My guess is that the final package is going to look something like
the Kennedy/Obama plan with slight compromises for the Blue Dogs. As
much as these conservatives don't want to be "not re-elected" as you
point out, they also don't want to be challenged in the primaries from
the left."
And the left shouldn't want that either, being a gift to the GOP. Bear in mind the "conservative" and "left" are relative terms. A New York conservative is a Missouri Marxist and the BD's. like Ike Skelton, are quite mainstream here.
"If they are indeed successful in stoppinghealth care reform
-- they will be tossed in the Democratic primaries. If that happens --
guess what? -- we lose Congress again. Try to get any reform passed under that scenario,"

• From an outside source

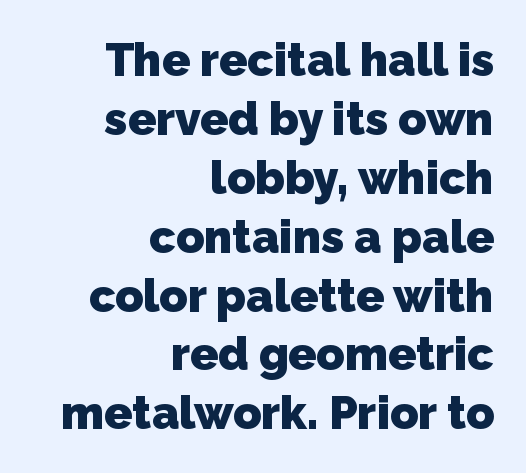
{"serif": "no", "bold": "yes", "weight": "heavy", "width": "normal", "stroke_contrast": "low", "x_height": "medium", "monospaced": "no", "underline": "no", "align": "right", "line_spacing": "normal", "line_spacing_ratio": 1.28, "letter_spacing": "normal", "letter_spacing_em": 0.0, "glyph_px": 46}

You'll lose Congress anyway by '12, just because continuing Bush
policies will not play well with voters. I would think the Democratic
Party future is less important than delivering an effective plan that
will fix the problem and cut the expense in half.
"You wonder if you simply have "different priorities" than mine.
Well, that depends on whether you consider the difference between
George W. Bush and Barack Obama as significant."
On my core issues, the wars and the economy and the deficits and the
debt, I see no difference. I refer to Obama as "Beige Bush."
"The historical way to
express discontent with both parties is to start a third party -- such
as the Green Party. The Greens are admirable and may do some good
around the edges and influence future debates. I'm all for them being
in existence."
I'm sure you and Newt Gingrich both love the Greens, totally under
funded and facing a battle to get on ballots and get free air time from
the MSM. My hope is Mike Bloomberg running against Obama and Romney in
'12; a social liberal, fiscal conservative with money, name
recognition, and a power base.
" The option is to moan about how the program is
just a "band-aid" and is not comparable to the European model. Bravo!
But you tell me how we are going to get there without waiting another
fifty years?"
By having the president go to Congress, lay out the plan, Medicare for All taking maybe ten minutes to speechify.
"If you look the reality of politics and not just at its evils, you
would know that Rahm Emmanuel is going to deliver the best bill that
can be delivered this year. If we wait until next year, the bill will
just get weaker. Real Politics."
And that is why I thought that Obama, working from the strongest
moment in his entire presidency, should have gone for a good program.
He gets weaker by the day, as we can see from the Blue Dogs getting out of the kennel. They, and the GOP, know that Obama will sign anything sent him, so will play that for their own advantage. Once again insurance money will win.